Try it:
This task calls for copying every line in the data below that contains the word "viewBox".

Given information:
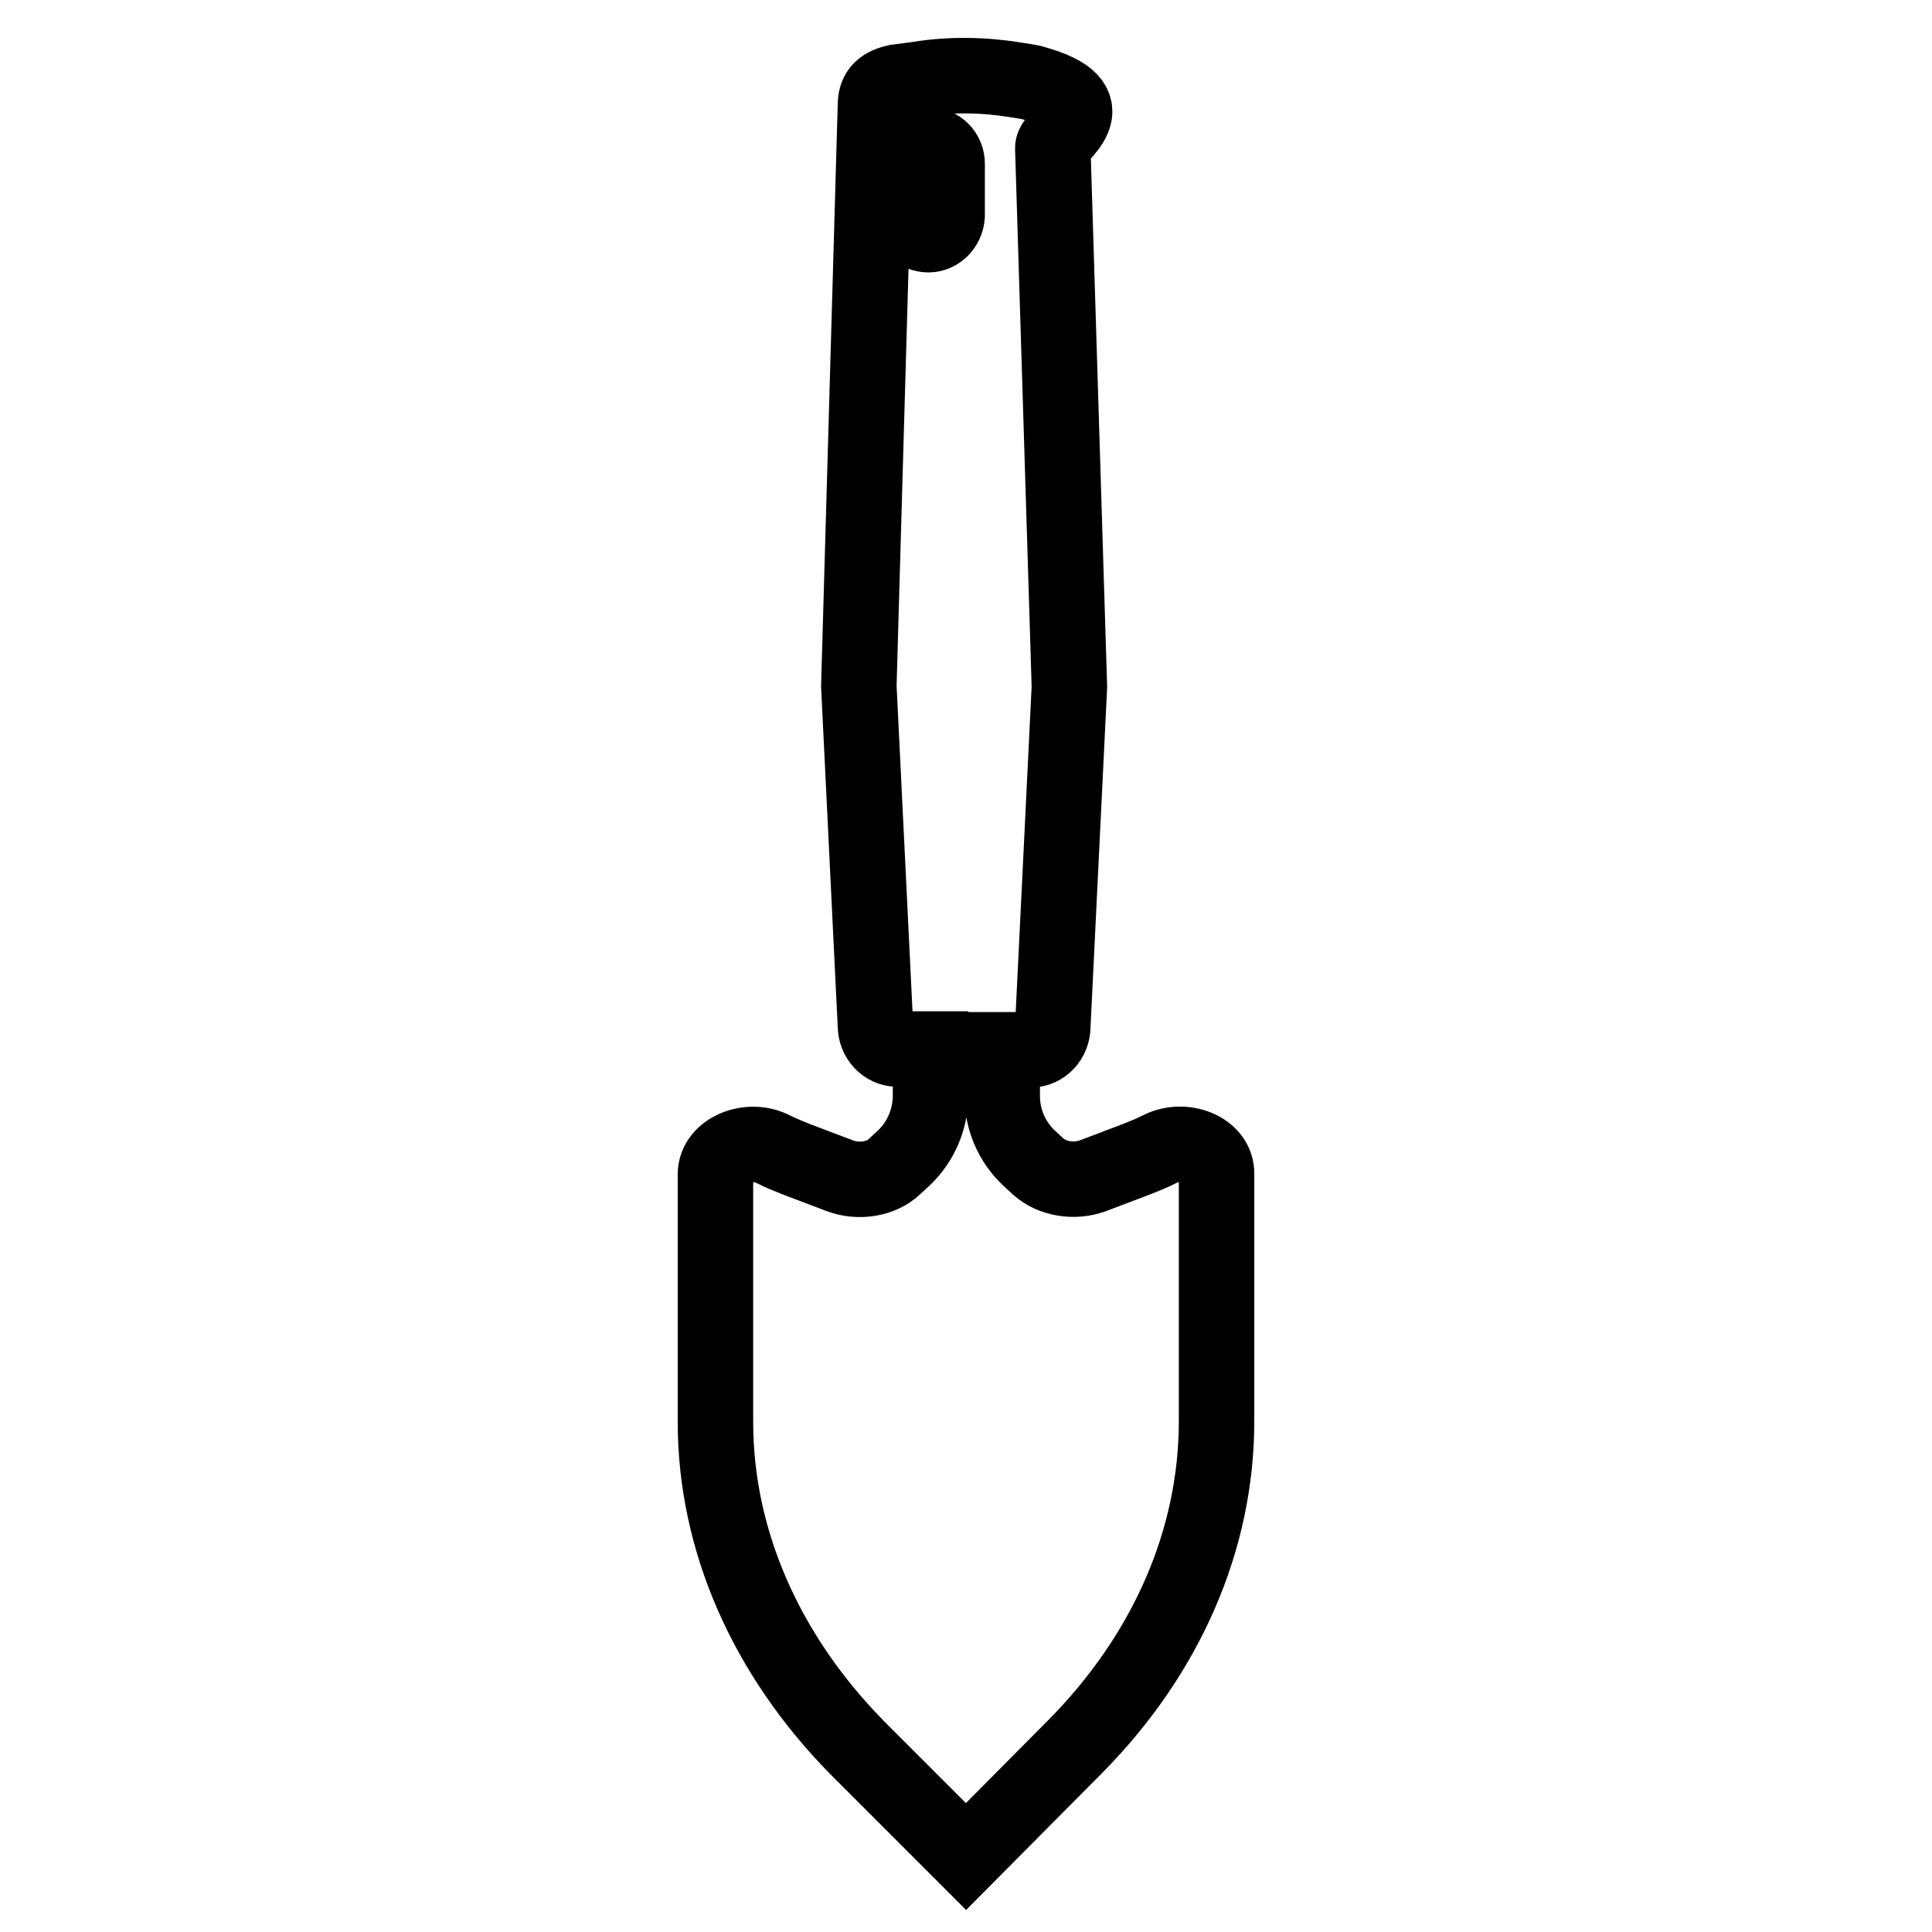 <?xml version="1.0" encoding="utf-8"?>
<!-- Svg Vector Icons : http://www.onlinewebfonts.com/icon -->
<!DOCTYPE svg PUBLIC "-//W3C//DTD SVG 1.1//EN" "http://www.w3.org/Graphics/SVG/1.1/DTD/svg11.dtd">
<svg version="1.1" xmlns="http://www.w3.org/2000/svg" xmlns:xlink="http://www.w3.org/1999/xlink" x="0px" y="0px" viewBox="0 0 256 256" enable-background="new 0 0 256 256" xml:space="preserve">
<g> <path stroke-width="10" fill-opacity="0" stroke="#000000"  d="M153.6,152.3c-1,0.5-2,0.9-3,1.3l-5.8,2.2c-2.5,0.9-5.4,0.4-7.2-1.2l-1.3-1.2c-2.2-2.1-3.5-5-3.5-8.2v-6.1 h3.8c1.6,0,2.9-1.4,2.9-3.1l2.2-45l-2.2-71.4c0-1.7,8-5.7-2.6-8.6c-0.2-0.1-2.2-0.4-2.2-0.4c-4.3-0.7-8.7-0.8-13-0.1 c0,0-2.9,0.4-3,0.4c-2.1,0.5-2.7,1.5-2.7,3.1l-2.2,76.9l2.2,45c0,1.7,1.3,3.1,2.9,3.1h4.4v6.2c0,3.1-1.3,6.1-3.5,8.2l-1.3,1.2 c-1.8,1.7-4.8,2.1-7.2,1.2l-5.8-2.2c-1-0.4-2-0.8-3-1.3c-3.2-1.7-7.7,0.1-7.7,3.3v32.8c0,15.7,6.7,30.9,18.8,43.2L128,246 l14.4-14.5c12.2-12.3,18.8-27.5,18.8-43.2v-32.7C161.3,152.3,156.8,150.6,153.6,152.3L153.6,152.3z"/> <path stroke-width="10" fill-opacity="0" stroke="#000000"  d="M123,31.1c-1.3,0-2.5-1.1-2.5-2.5v-6.9c0-1.3,1.1-2.5,2.5-2.5s2.5,1.1,2.5,2.5v6.9 C125.4,30,124.3,31.1,123,31.1z"/></g>
</svg>
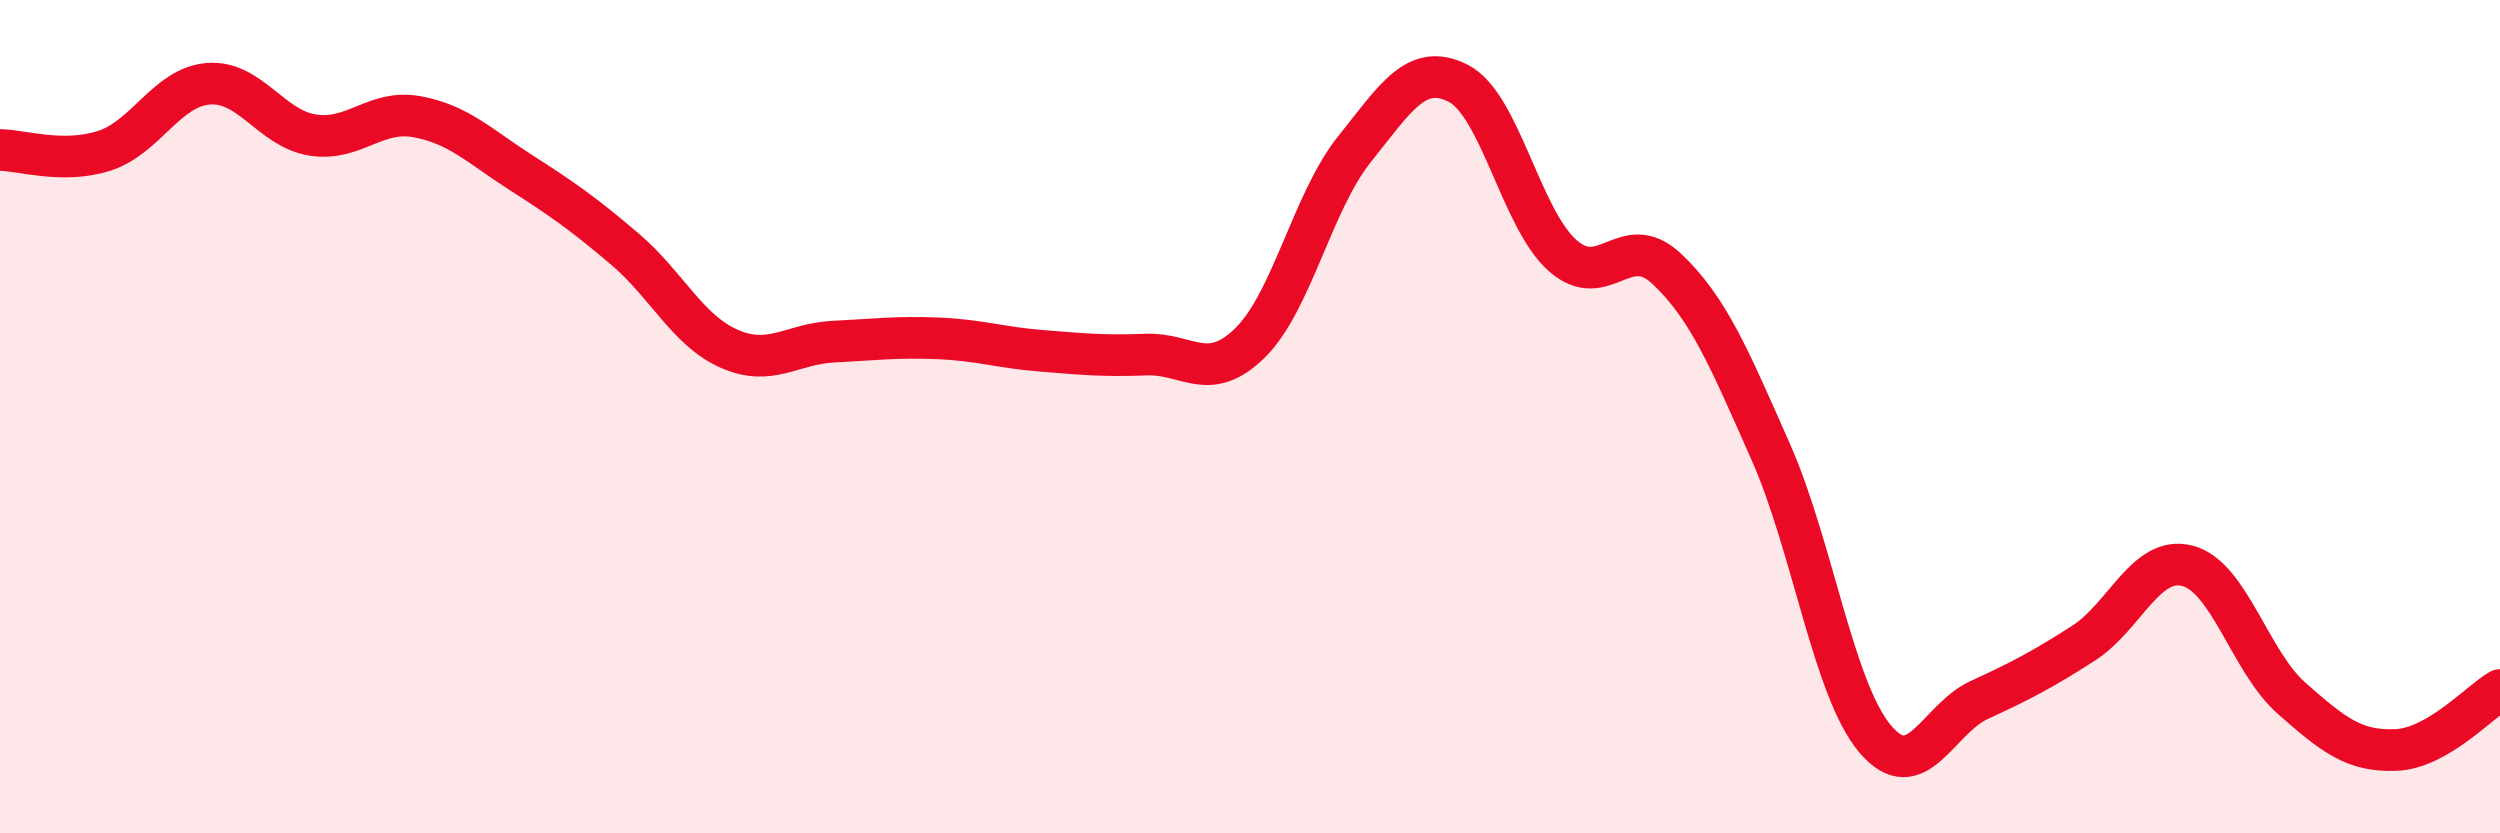 
    <svg width="60" height="20" viewBox="0 0 60 20" xmlns="http://www.w3.org/2000/svg">
      <path
        d="M 0,3.6 C 0.5,3.6 1.5,3.94 2.5,3.62 C 3.5,3.3 4,2.09 5,2.01 C 6,1.93 6.5,3.08 7.5,3.24 C 8.5,3.4 9,2.62 10,2.8 C 11,2.98 11.5,3.5 12.5,4.14 C 13.5,4.78 14,5.13 15,5.98 C 16,6.83 16.5,7.93 17.5,8.37 C 18.5,8.81 19,8.25 20,8.2 C 21,8.15 21.5,8.08 22.5,8.12 C 23.5,8.16 24,8.34 25,8.42 C 26,8.5 26.5,8.55 27.5,8.51 C 28.5,8.47 29,9.21 30,8.23 C 31,7.25 31.5,4.84 32.5,3.59 C 33.5,2.34 34,1.49 35,2 C 36,2.51 36.5,5.24 37.5,6.13 C 38.5,7.02 39,5.51 40,6.45 C 41,7.39 41.5,8.59 42.5,10.85 C 43.5,13.11 44,16.54 45,17.73 C 46,18.92 46.5,17.26 47.5,16.8 C 48.5,16.34 49,16.08 50,15.44 C 51,14.8 51.5,13.32 52.5,13.58 C 53.5,13.84 54,15.88 55,16.76 C 56,17.64 56.5,18.04 57.5,18 C 58.5,17.96 59.5,16.85 60,16.56L60 20L0 20Z"
        fill="#EB0A25"
        opacity="0.1"
        stroke-linecap="round"
        stroke-linejoin="round"
      />
      <path
        d="M 0,3.6 C 0.5,3.6 1.5,3.94 2.5,3.62 C 3.5,3.3 4,2.09 5,2.01 C 6,1.93 6.5,3.08 7.5,3.24 C 8.5,3.4 9,2.62 10,2.8 C 11,2.98 11.5,3.5 12.5,4.14 C 13.5,4.78 14,5.13 15,5.98 C 16,6.83 16.5,7.93 17.5,8.37 C 18.5,8.81 19,8.25 20,8.2 C 21,8.15 21.5,8.08 22.5,8.12 C 23.5,8.16 24,8.34 25,8.42 C 26,8.5 26.5,8.55 27.5,8.51 C 28.5,8.47 29,9.21 30,8.23 C 31,7.25 31.5,4.84 32.5,3.59 C 33.5,2.34 34,1.49 35,2 C 36,2.51 36.5,5.24 37.5,6.13 C 38.5,7.02 39,5.51 40,6.45 C 41,7.39 41.5,8.59 42.5,10.85 C 43.5,13.11 44,16.54 45,17.73 C 46,18.92 46.5,17.26 47.5,16.8 C 48.5,16.34 49,16.08 50,15.44 C 51,14.8 51.5,13.32 52.5,13.58 C 53.5,13.84 54,15.88 55,16.76 C 56,17.64 56.5,18.04 57.5,18 C 58.5,17.96 59.5,16.85 60,16.56"
        stroke="#EB0A25"
        stroke-width="1"
        fill="none"
        stroke-linecap="round"
        stroke-linejoin="round"
      />
    </svg>

Task answer:
<svg version="1.1" xmlns="http://www.w3.org/2000/svg" xmlns:xlink="http://www.w3.org/1999/xlink" x="0px" y="0px" viewBox="0 0 256 256" enable-background="new 0 0 256 256" xml:space="preserve">
    <svg width="60" height="20" viewBox="0 0 60 20" xmlns="http://www.w3.org/2000/svg">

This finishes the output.